A crucial difference between wilful and wanton misconduct is that wilful misconduct requires actual knowledge of the victim's presence, whereas wanton misconduct contains no such requirement. In the present case, there has been no evidence presented that the railroad employees had any actual knowledge of the presence of Thomas Heller. In fact, William Campbell and Donald Bruce, the engineman and the front brakeman, respectively, remained in the lead engine from the time it arrived at Villanova station until they were notified of the plaintiff's injuries. (Campbell deposition at 94, 95). Heller was injured on the 37th car from the lead engine (Conrad deposition at 52) and since there is a curve in the track just before the Villanova station, it would have been all but impossible for either Campbell or Bruce to have seen Heller prior to the accident. Moreover, William Conrad and Vernon Ward, the conductor and rear brakeman, respectively, remained with the 30 cars of the uncoupled rear portion of the train near Bryn Mawr until after the accident had occurred. (Conrad deposition at 49-51). Since no railroad employees had actual prior knowledge of Heller's presence, wilful misconduct cannot be established. Therefore, I next consider whether the railroad was liable for wanton misconduct.

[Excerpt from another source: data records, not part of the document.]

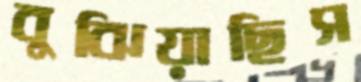
বুঝিয়াছিস
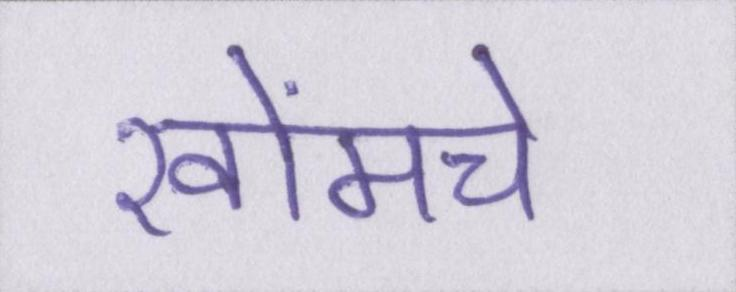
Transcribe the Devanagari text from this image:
खोंमचे
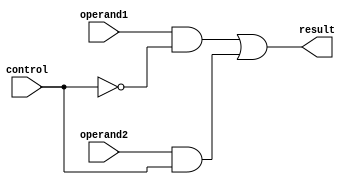
/*
Selects from the 1-bit operands based on the control.
control=0 selects operand1
control=1 selects operand2
*/
module mux(result, operand1, operand2, control);
	input operand1, operand2, control;
	output result;
	wire notwire, and1wire, and2wire;

	not not1(notwire, control);
	and and1(and1wire, operand1, notwire);
	and and2(and2wire, operand2, control);
	or or1(result, and1wire, and2wire);

endmodule
/*
Selects from the 1-bit operands based on the control.
control=0 selects operand1
control=1 selects operand2
*/
module mux_4x1(result, operand1, operand2, operand3, operand4, control);
	input operand1, operand2, operand3, operand4;
	input [1:0] control;
	output result;
	wire mux1wire, mux2wire;

	mux m1(mux1wire, operand1, operand2, control[0]);
	mux m2(mux2wire, operand3, operand4, control[0]);
	mux m3(result, mux1wire, mux2wire, control[1]);
endmodule
/* Muiltiplexer 2x1 32 bit
This provides the ability to choose between two inputs via
control bit

@author David-Eric Thoorpe
@verion v1.0
@param result is the 32 bit result of the mux
@param operand1 is the 32 bit number passed by control 1
@param operand2 is the 32 bit number passed by control 2
@param control is the selector of operand1 and operand2
*/
module mux32_2x1(result, operand1, operand2, control);
	input [31:0] operand1, operand2;
	input control;

	output [31:0] result;

	genvar i; generate
		for (i=0; i<32; i=i+1)begin : mux_gen_loop
			mux m(result[i], operand1[i], operand2[i], control);
		end
	endgenerate
endmodule
/* Muiltiplexer 2x1 32 bit
This provides the ability to choose between two inputs via
control bit

@author David-Eric Thoorpe
@verion v1.0
@param result is the 32 bit result of the mux
@param operand1 is the 32 bit number passed by control 1
@param operand2 is the 32 bit number passed by control 2
@param control is the selector of operand1 and operand2
*/
module mux64_2x1(result, operand1, operand2, control);
	input [63:0] operand1, operand2;
	input control;

	output [63:0] result;

	genvar i;
	generate
		for (i=0; i<64; i=i+1)
		begin : mux_gen_loop
			mux m(result[i], operand1[i], operand2[i], control);
		end
	endgenerate
endmodule
module mux32_4x1(result, operand1, operand2, operand3, operand4, control);
	input [31:0] operand1, operand2, operand3, operand4;
	input [1:0] control;

	output [31:0] result;

	wire [31:0] mux1Wire, mux2Wire;

	mux32_2x1 m1(.result(mux1Wire), .operand1(operand1), .operand2(operand2), .control(control[0]));
	mux32_2x1 m2(.result(mux2Wire), .operand1(operand3), .operand2(operand4), .control(control[0]));
	mux32_2x1 m3(.result(result), .operand1(mux1Wire), .operand2(mux2Wire), .control(control[1]));

endmodule
module mux32_8x1(result, operand1, operand2, operand3, operand4, 
	operand5, operand6, operand7, operand8, control);
	input [31:0] operand1, operand2, operand3, operand4, operand5, operand6, operand7, operand8;
	input [2:0] control;

	output [31:0] result;

	wire [31:0] mux1Wire, mux2Wire;

	mux32_4x1 m1(mux1Wire, operand1, operand2, operand3, operand4, control[1:0]);
	mux32_4x1 m2(mux2Wire, operand5, operand6, operand7, operand8, control[1:0]);
	mux32_2x1 m3(result, mux1Wire, mux2Wire, control[2]);

endmodule
module mux32_16x1(result, operand1, operand2, operand3, operand4, 
	operand5, operand6, operand7, operand8,
	operand9, operand10, operand11, operand12, 
	operand13, operand14, operand15, operand16, control);

	input [31:0] operand1, operand2, operand3, operand4, 
	operand5, operand6, operand7, operand8, 
	operand9, operand10, operand11, operand12, 
	operand13, operand14, operand15, operand16;
	input [3:0] control;

	output [31:0] result;

	wire [31:0] mux1Wire, mux2Wire;

	mux32_8x1 m1(.result(mux1Wire), .operand1(operand1), .operand2(operand2), .operand3(operand3), 
		.operand4(operand4), .operand5(operand5), .operand6(operand6), .operand7(operand7), 
		.operand8(operand8), .control(control[2:0]));
	mux32_8x1 m2(.result(mux2Wire), .operand1(operand9), .operand2(operand10), .operand3(operand11), 
		.operand4(operand12), .operand5(operand13), .operand6(operand14), .operand7(operand15), 
		.operand8(operand16), .control(control[2:0]));
	mux32_2x1 m3(.result(result), .operand1(mux1Wire), .operand2(mux2Wire), .control(control[3]));
endmodule
/**
Find a better way to import 32 32-bit choices.
*/
module mux32_32x1(result, d0, d1, d2, d3, d4, d5, d6, d7, d8, d9, d10, d11, d12, d13, d14, d15, 
	d16, d17, d18, d19, d20, d21, d22, d23, d24, d25, d26, d27, d28, d29, d30, d31, control);

	input [31:0] d0, d1, d2, d3, d4, d5, d6, d7, d8, d9, d10, d11, d12, d13, d14, d15, 
	d16, d17, d18, d19, d20, d21, d22, d23, d24, d25, d26, d27, d28, d29, d30, d31;

	input [4:0] control;

	output [31:0] result;

	wire [31:0] mux1Wire, mux2Wire;

	mux32_16x1 m1(mux1Wire, d0, d1, d2, d3, d4, d5, d6, d7, 
		d8, d9, d10, d11, d12, d13, d14, d15, control[3:0]);

	mux32_16x1 m2(mux2Wire, d16, d17, d18, d19, d20, d21, d22, d23, 
		d24, d25, d26, d27, d28, d29, d30, d31, control[3:0]);

	mux32_2x1 m3(result, mux1Wire, mux2Wire, control[4]);
endmodule
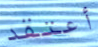
أعتقد
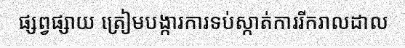
ផ្សព្វផ្សាយ ត្រៀមបង្ការការទប់ស្កាត់ការរីករាលដាល

In contrast to wilful misconduct, wanton misconduct may exist even if the actor is unaware of the trespasser's actual position of danger. The crucial point in determining wantonness is whether or not the actor had sufficient warning of the possibility of the victim's peril. Actual knowledge constitutes only one manner of appraisal. Evans, supra, at 574. The question in this case is whether there is any evidence to indicate that the railroad employees had reason to know of the imminent danger which the plaintiff faced.
I begin from the premise that a railroad is entitled to assume and act upon the assumption that its property is free from trespassers. Davies v. Delaware, Lackawanna & Western Railroad Co., 370 Pa. 180, 87 A. 2d 183 (1952); Tedesco v. Reading Co., 147 Pa. Super. 300, 304, 24 A. 2d 105 (1942). The record before me is void of any facts which would support an inference that the railroad employees should have known of the plaintiff's imminent peril. As was previously stated, Campbell and Bruce were the only employees of the defendant railroads who could have had an opportunity to see the plaintiff. However, because of the location of the lead engine relative to the site of the accident, it would have been virtually impossible for them to have seen him. Moreover, since the plaintiff by his own admission was on the tracks for no longer than 20 minutes (Heller deposition at 13-15), the likelihood of Campbell or Bruce spotting the victim prior to his accident is substantially diminished.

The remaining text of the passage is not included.